Extracted entries Start Marker
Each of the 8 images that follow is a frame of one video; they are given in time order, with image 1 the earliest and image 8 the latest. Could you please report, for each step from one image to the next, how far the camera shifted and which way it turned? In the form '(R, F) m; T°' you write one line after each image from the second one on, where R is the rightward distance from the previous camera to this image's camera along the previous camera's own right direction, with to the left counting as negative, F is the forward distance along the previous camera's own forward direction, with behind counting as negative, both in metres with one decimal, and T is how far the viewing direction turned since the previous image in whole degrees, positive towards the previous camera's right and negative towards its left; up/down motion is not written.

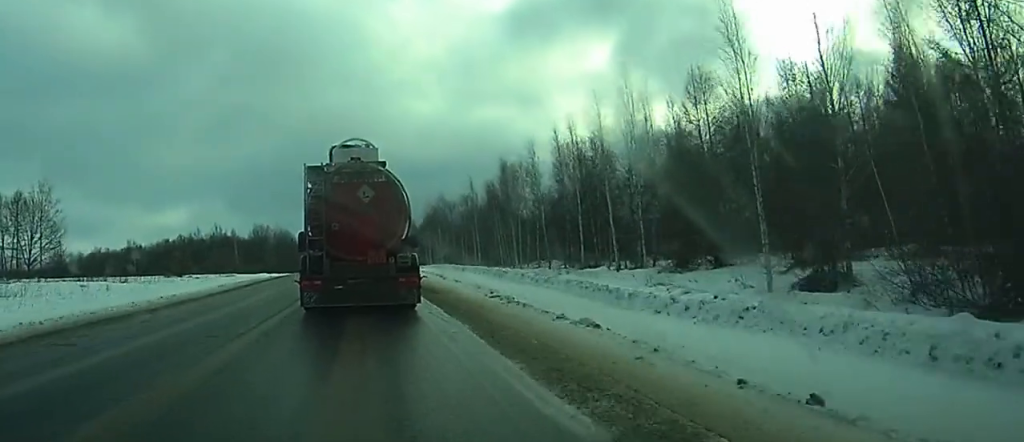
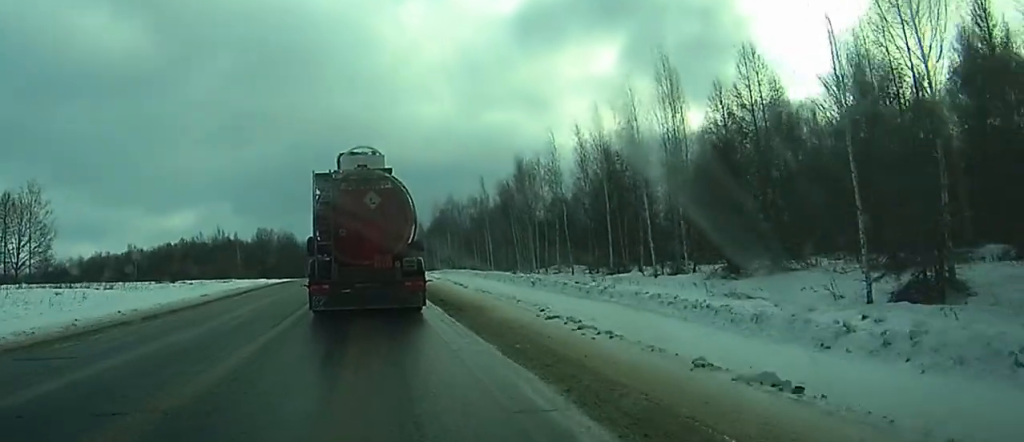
(0.0, +6.7) m; 0°
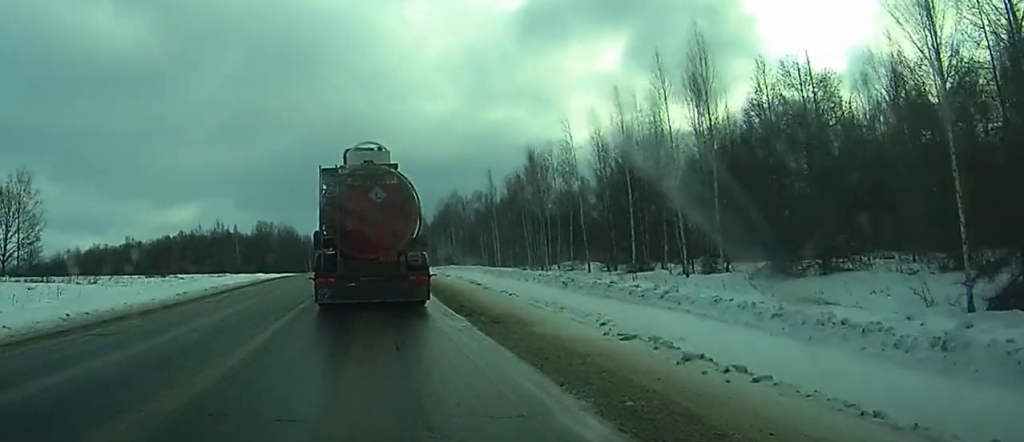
(0.0, +4.9) m; 0°
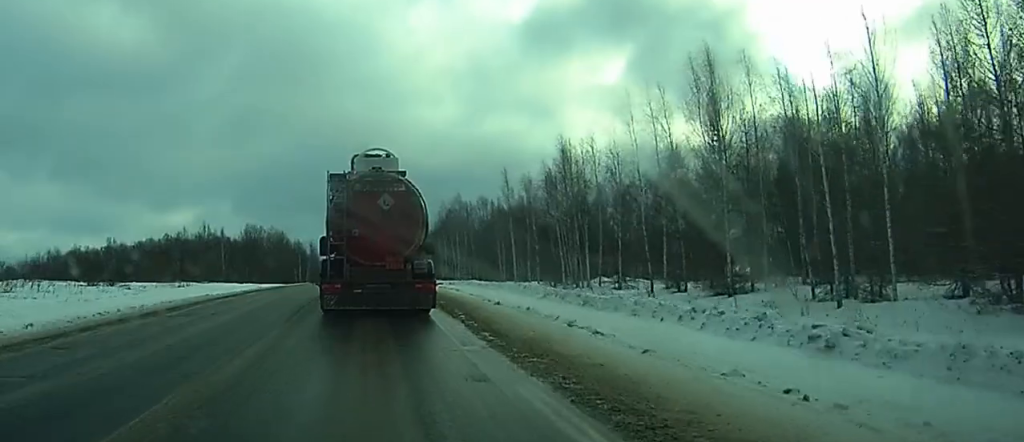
(-0.1, +15.3) m; -1°
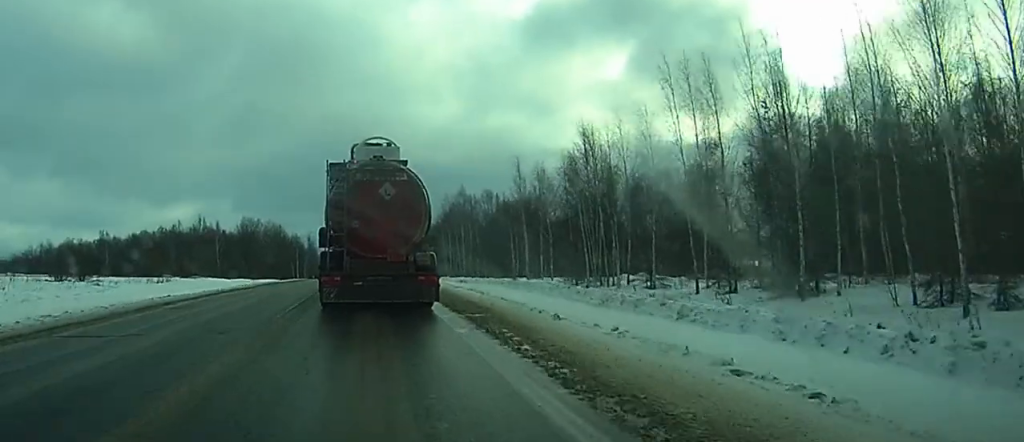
(-0.1, +6.7) m; 0°
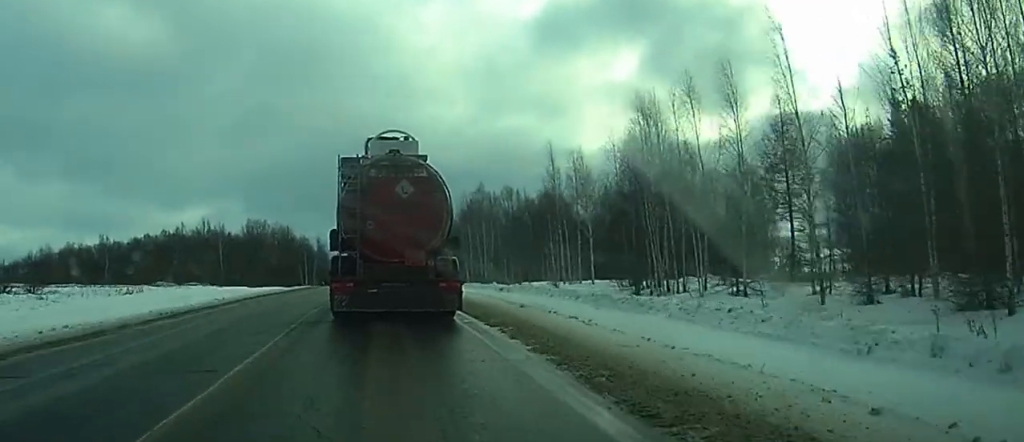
(+0.1, +10.7) m; +1°
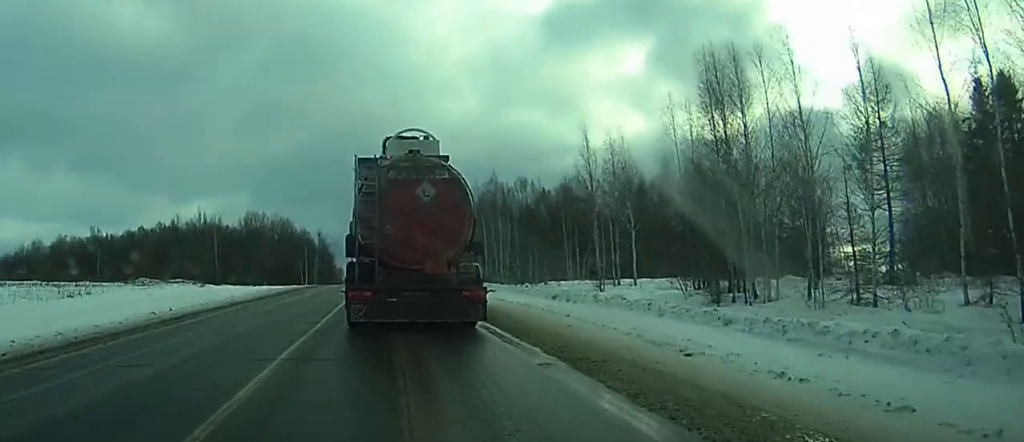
(+0.2, +11.1) m; +1°
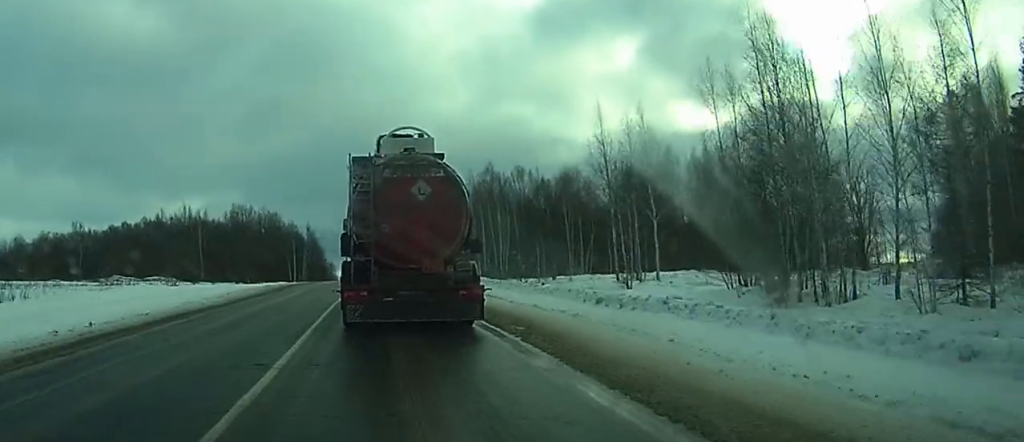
(0.0, +7.6) m; -2°
Extracted entries End Marker
Task item:
Set down the entries above exactly, and keep every picture out of your copy.

Solution:
Each of the 8 images that follow is a frame of one video; they are given in time order, with image 1 the earliest and image 8 the latest. Could you please report, for each step from one image to the next, how far the camera shifted and which way it turned? In the form '(R, F) m; T°' you write one line after each image from the second one on, where R is the rightward distance from the previous camera to this image's camera along the previous camera's own right direction, with to the left counting as negative, F is the forward distance along the previous camera's own forward direction, with behind counting as negative, both in metres with one decimal, and T is how far the viewing direction turned since the previous image in whole degrees, positive towards the previous camera's right and negative towards its left; up/down motion is not written.

(0.0, +6.7) m; 0°
(0.0, +4.9) m; 0°
(-0.1, +15.3) m; -1°
(-0.1, +6.7) m; 0°
(+0.1, +10.7) m; +1°
(+0.2, +11.1) m; +1°
(0.0, +7.6) m; -2°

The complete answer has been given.